Forbes Foresees $8 Trillion Crypto Surge Amid Looming USD Collapse, Posing Challenge to Gold as Digital Assets Take Center Stage
In a groundbreaking report from the reputable digital media source Forbes, a forecast of an $8 trillion surge amid a potential U.S. dollar collapse has been unveiled. This revelation is expected to ignite a ‘pivotal’ surge in Bitcoin, Ethereum, XRP, and the broader crypto market, presenting a formidable challenge to gold. The event marks a seismic shift that promises to redefine the landscape of digital assets, encompassing XRP, Bitcoin, and Ethereum.
Chad Steingraber, a luminary in the XRP community and a professional game designer, brought this report to the forefront for the XRP Army, marking it as a critical development. Forbes acknowledges the recent dip in major cryptocurrencies, XRP included. Yet, the crypto cosmos gleams with optimism, fueled by bullish sentiments from financial pundits and analysts, hinting at potential price surges and exciting developments in the digital asset sphere.

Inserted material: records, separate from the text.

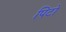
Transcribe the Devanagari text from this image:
पिटो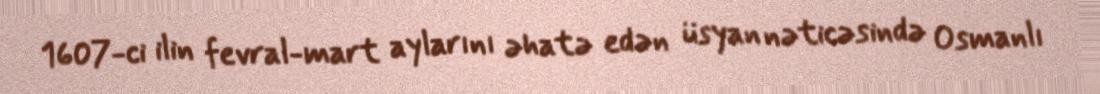
1607-ci ilin fevral-mart aylarını əhatə edən üsyan nəticəsində Osmanlı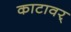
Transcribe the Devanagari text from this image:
काटावर्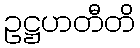
ဥဋ္ဌဟတီတိ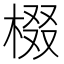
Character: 棳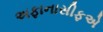
અફાનાસીફએ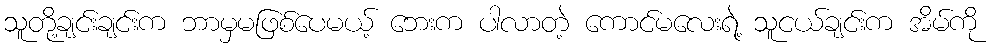
သူတို့ချင်းချင်းက ဘာမှမဖြစ်ပေမယ့် ဘေးက ပါလာတဲ့ ကောင်မလေးရဲ့ သူငယ်ချင်းက အိမ်ကို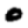
Digit: 0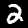
Label: 2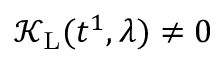
\mathcal { K } _ { \mathrm { L } } ( t ^ { 1 } , \lambda ) \neq 0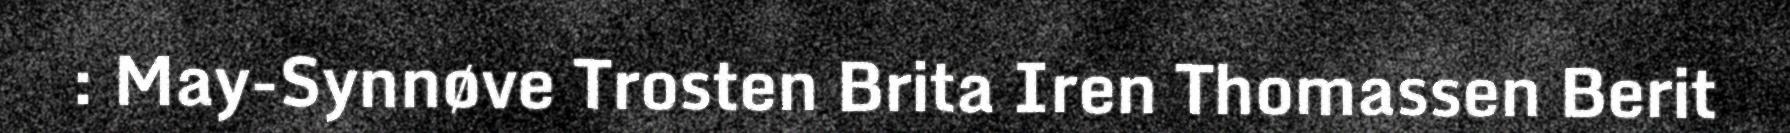
: May-Synnøve Trosten Brita Iren Thomassen Berit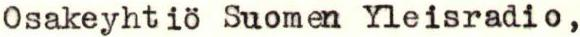
Osakeyhtiö Suomen Yleisradio ,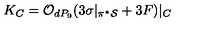
K _ { C } = { \cal O } _ { d P _ { 9 } } ( 3 \sigma | _ { \pi ^ { * } { \cal S } } + 3 F ) | _ { C }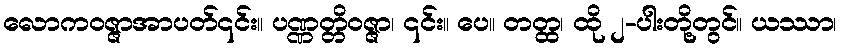
လောကဝဇ္ဇာအာပတ်၎င်း။ ပဏ္ဏတ္တိဝဇ္ဇာ၊ ၎င်း။ ပေ။ တတ္ထ၊ ထို ၂-ပါးတို့တွင်။ ယဿာ၊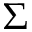
\Sigma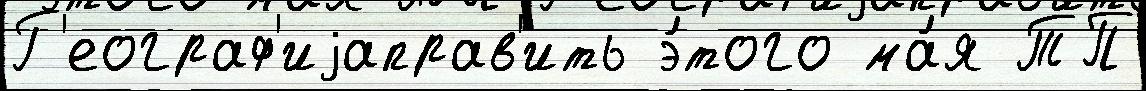
Г'еограф'иjаправ'ить э́того ма́я ТП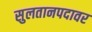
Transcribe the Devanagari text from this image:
सुलतानपदावर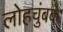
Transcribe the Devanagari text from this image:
लोहचुंबक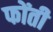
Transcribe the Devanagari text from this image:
फोंती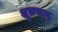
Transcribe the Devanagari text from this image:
शुक्रधातु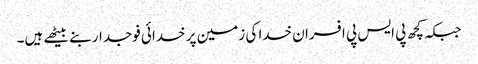
جبکہ کچھ پی ایس پی افسران خدا کی زمین پر خدائی فوجدار بنے بیٹھے ہیں۔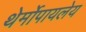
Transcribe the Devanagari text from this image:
थेर्मोपायलेय

Forbes Exposes USD Weakness
The Forbes report on the precarious state of the US dollar, staggering under the weight of a $33 trillion debt. It reveals that analysts from the esteemed equity research and strategy firm Jefferies foresee a potential USD collapse as the Federal Reserve grapples with the necessity of rekindling its money-printing endeavors.
According to Jefferies’ experts, cited by Forbes, the Federal Reserve’s policies may catalyze a significant upswing in XRP, Bitcoin, and ETH prices. This projection stems from the potential of cryptocurrencies, particularly XRP, to rival gold’s status as a safe-haven asset while the relentless printing of cash drags the USD down.

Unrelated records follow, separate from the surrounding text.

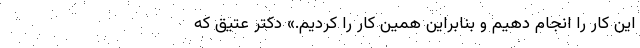
این کار را انجام دهیم و بنابراین همین کار را کردیم.» دکتر عتیق که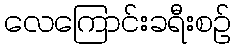
လေကြောင်းခရီးစဉ်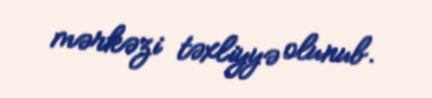
mərkəzi təxliyyə olunub.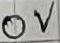
Text: 0V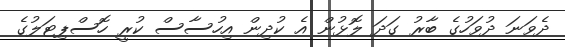
ދެވަނަ ދުވަހުގެ ބާރު ގަދަ ލޮޅުން އެ ކުދިން އިހުސާސް ކުރީ ހޮސްޕިޓަލުގެ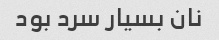
نان بسیار سرد بود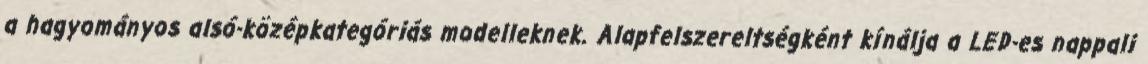
a hagyományos alsó-középkategóriás modelleknek. Alapfelszereltségként kínálja a LED-es nappali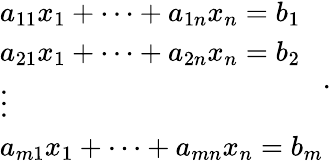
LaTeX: {\begin{array}{l}{a_{11}x_{1}+\cdots+a_{1n}x_{n}=b_{1}}\\ {a_{21}x_{1}+\cdots+a_{2n}x_{n}=b_{2}}\\ {\vdots}\\ {a_{m1}x_{1}+\cdots+a_{mn}x_{n}=b_{m}}\end{array}}.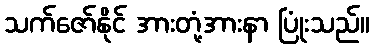
သက်ဇော်နိုင် အားတုံ့အားနာ ပြုံးသည်။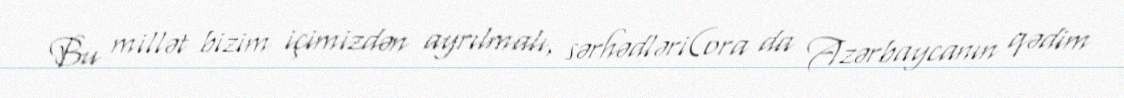
Bu millət bizim içimizdən ayrılmalı, sərhədləri(ora da Azərbaycanın qədim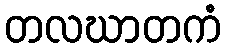
တလဃာတကံ
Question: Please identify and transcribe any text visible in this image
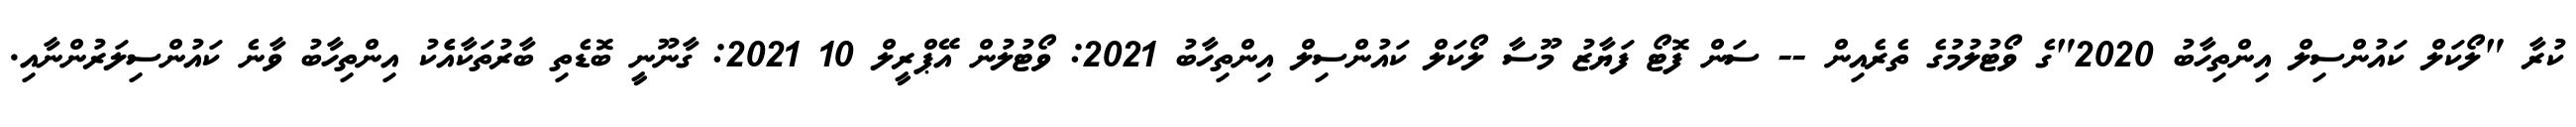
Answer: ކުރާ "ލޯކަލް ކައުންސިލް އިންތިހާބު 2020"ގެ ވޯޓުލުމުގެ ތެރެއިން -- ސަން ފޮޓޯ ފަޔާޒު މޫސާ ލޯކަލް ކައުންސިލް އިންތިހާބު 2021: ވޯޓުލުން އޭޕްރީލް 10 2021: ގާނޫނީ ބޮޑެތި ބާރުތަކާއެެކު އިންތިހާބު ވާނެ ކައުންސިލަރުންނާއި.

In an exclusive interview with CNBC, Christopher Wood, Jefferies’ head of equity strategy, contends that G7 central banks, especially the Federal Reserve, are unlikely to transition smoothly from unconventional financial policies. He posits that these institutions will persist in expanding their balance sheets in various forms. Furthermore, Wood emphasizes Bitcoin and gold as “critical hedges” against the looming specter of inflation. Wood states that,
“Such a failure to exit from unorthodox monetary policy in a benign manner is likely to culminate in the collapse of the US dollar paper standard to benefit both gold bullion owners and owners of Bitcoin. Bitcoin… [now] represents an alternative store of value to gold.”
Forbes ultimately envisions a scenario where the US dollar undergoes a massive devaluation, amounting to a staggering $8 trillion, which cryptocurrencies could potentially absorb. It’s worth noting that the total crypto market capitalization presently stands at $1.09 trillion. Therefore, should $8 trillion exit the US market, it would catapult the crypto industry into uncharted territory, surging toward a nearly $10 trillion valuation.